I’m also not super productive during the day, at least that’s how I feel. I run around like a chicken with my head cut off picking up, cleaning, doing laundry, feeding Caleb, feeding Julian, cleaning up, picking up toys, changing people’s clothes. We hardly make it out of the house before noon if I even attempt to leave. It’s all I can do to just maintain the order of things and most of the time I feel like I am dropping a ball somewhere.

But interestingly, for the most part I am feeling more positive, slightly more energized and in control (minus Julian) most days. I don’t know if it’s because I’m still taking prenatals (last time I stopped) or because I often have a chance in the afternoons to catch my breath even if it’s 30 minutes or while I am nursing Caleb without a toddler running around. But it feels good.

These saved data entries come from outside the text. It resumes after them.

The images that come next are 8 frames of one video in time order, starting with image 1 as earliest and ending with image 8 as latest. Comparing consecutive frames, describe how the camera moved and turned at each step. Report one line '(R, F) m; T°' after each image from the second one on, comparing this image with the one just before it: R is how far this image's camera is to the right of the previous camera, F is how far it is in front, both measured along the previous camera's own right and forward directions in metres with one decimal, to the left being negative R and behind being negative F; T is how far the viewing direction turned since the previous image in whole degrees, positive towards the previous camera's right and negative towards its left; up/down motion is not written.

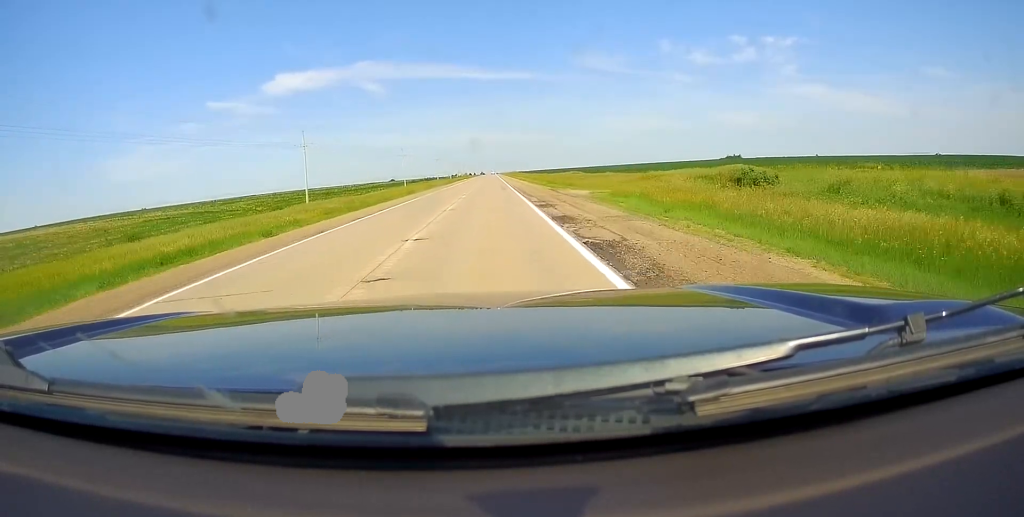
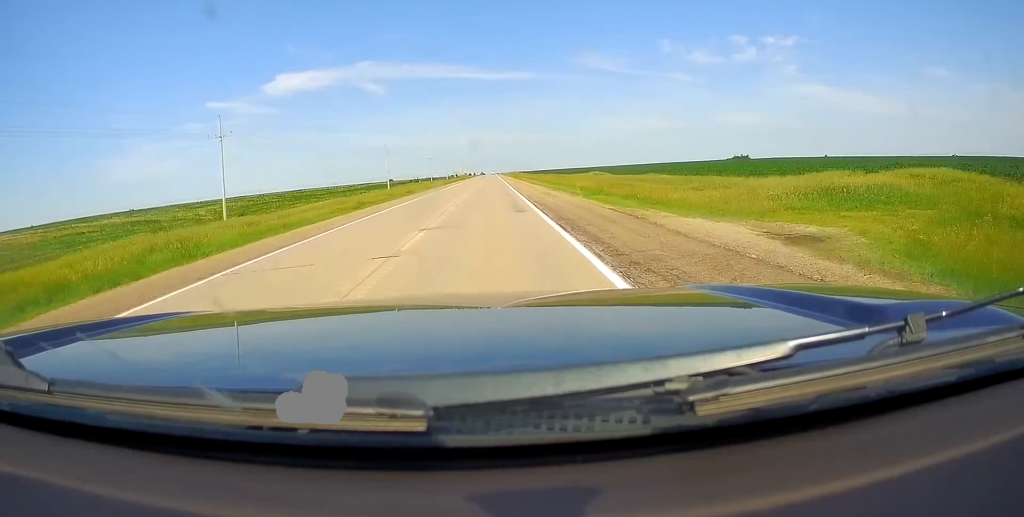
(0.0, +24.1) m; 0°
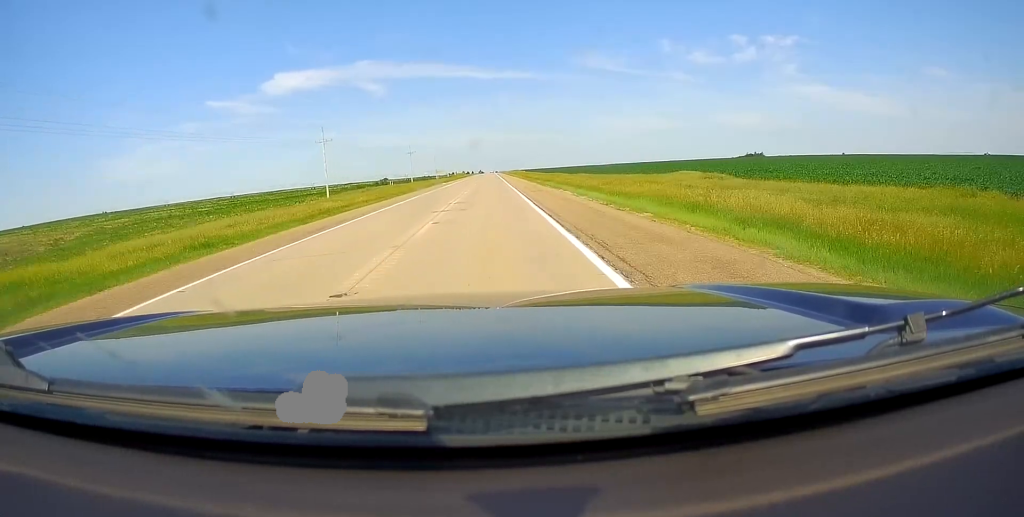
(0.0, +45.8) m; 0°
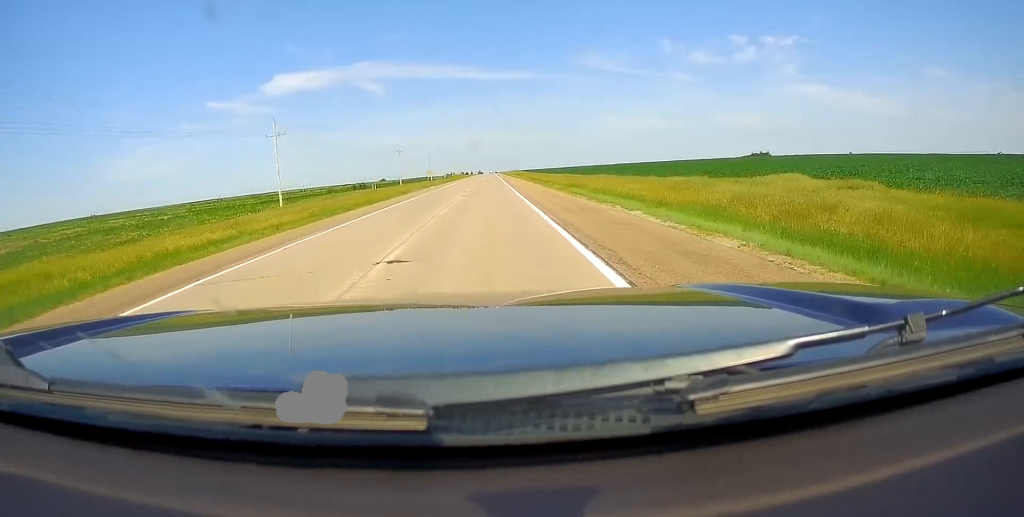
(0.0, +18.1) m; 0°
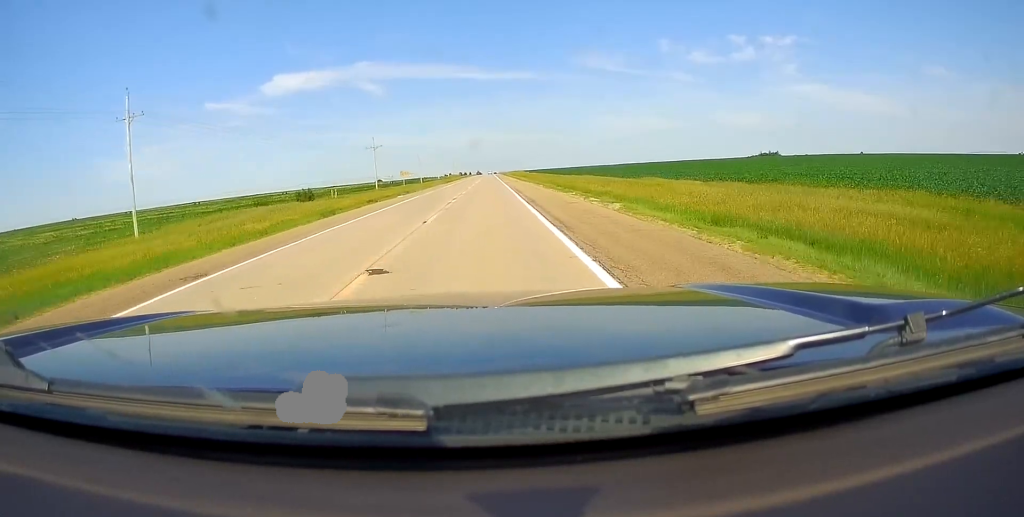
(0.0, +27.3) m; 0°
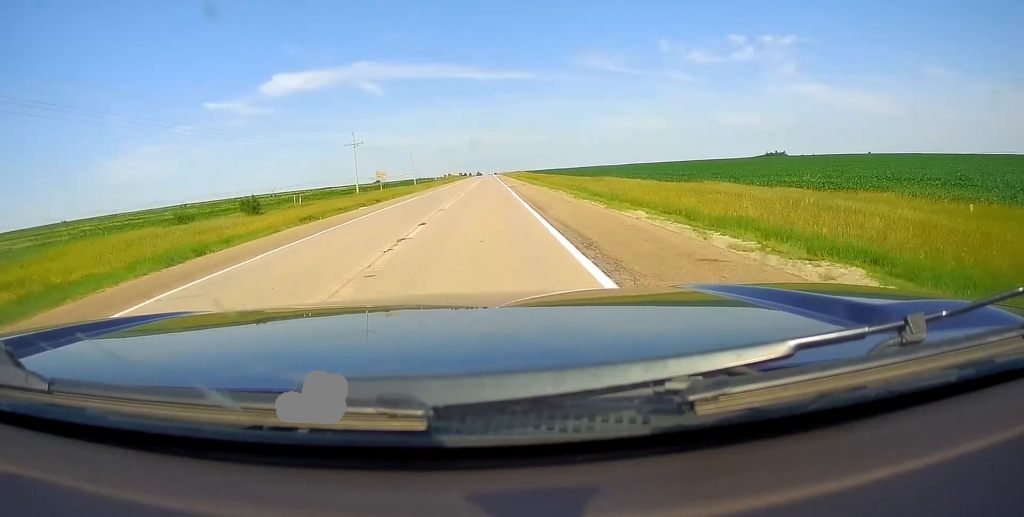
(0.0, +16.0) m; 0°
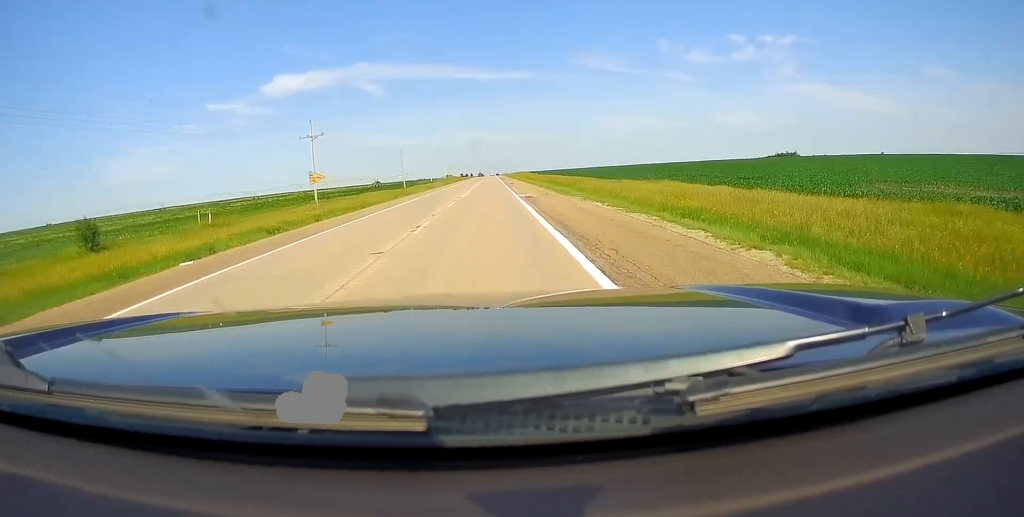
(0.0, +23.2) m; 0°
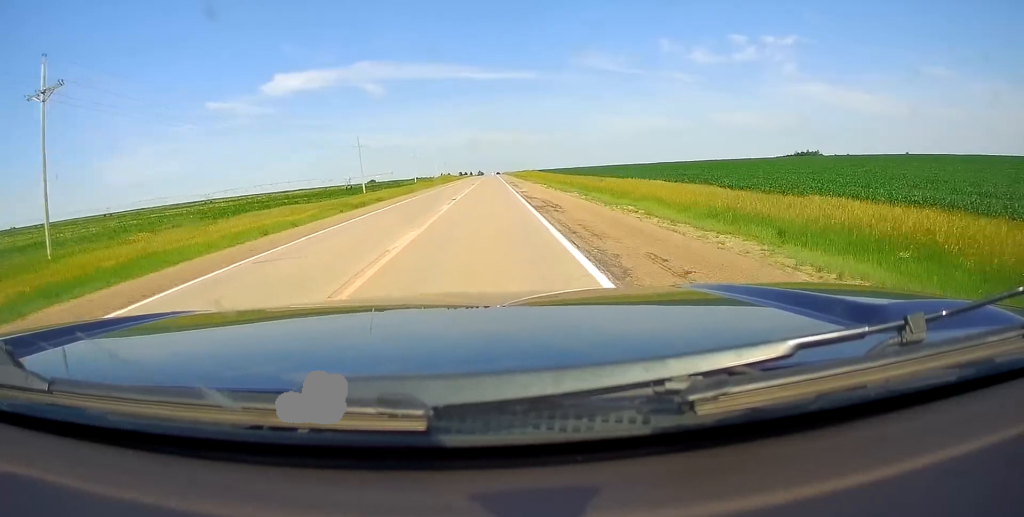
(0.0, +46.4) m; 0°

This is such a different baby and postpartum experience than I had with Julian. Back then I felt like I was completely overwhelmed and drowning everyday with a colicky newborn that would not soothe. I hardly had 5 minutes to myself and I was so sad that I felt like I wasn’t bonding with my baby the way I read and heard about others doing. This time everything has come easier. I’m still in disbelief. The times that get hard I feel like I can still overcome with some patience. It’s been a breath of fresh air after a very difficult few years.

Happy 2 months my bunny baby boy! We all love you so much.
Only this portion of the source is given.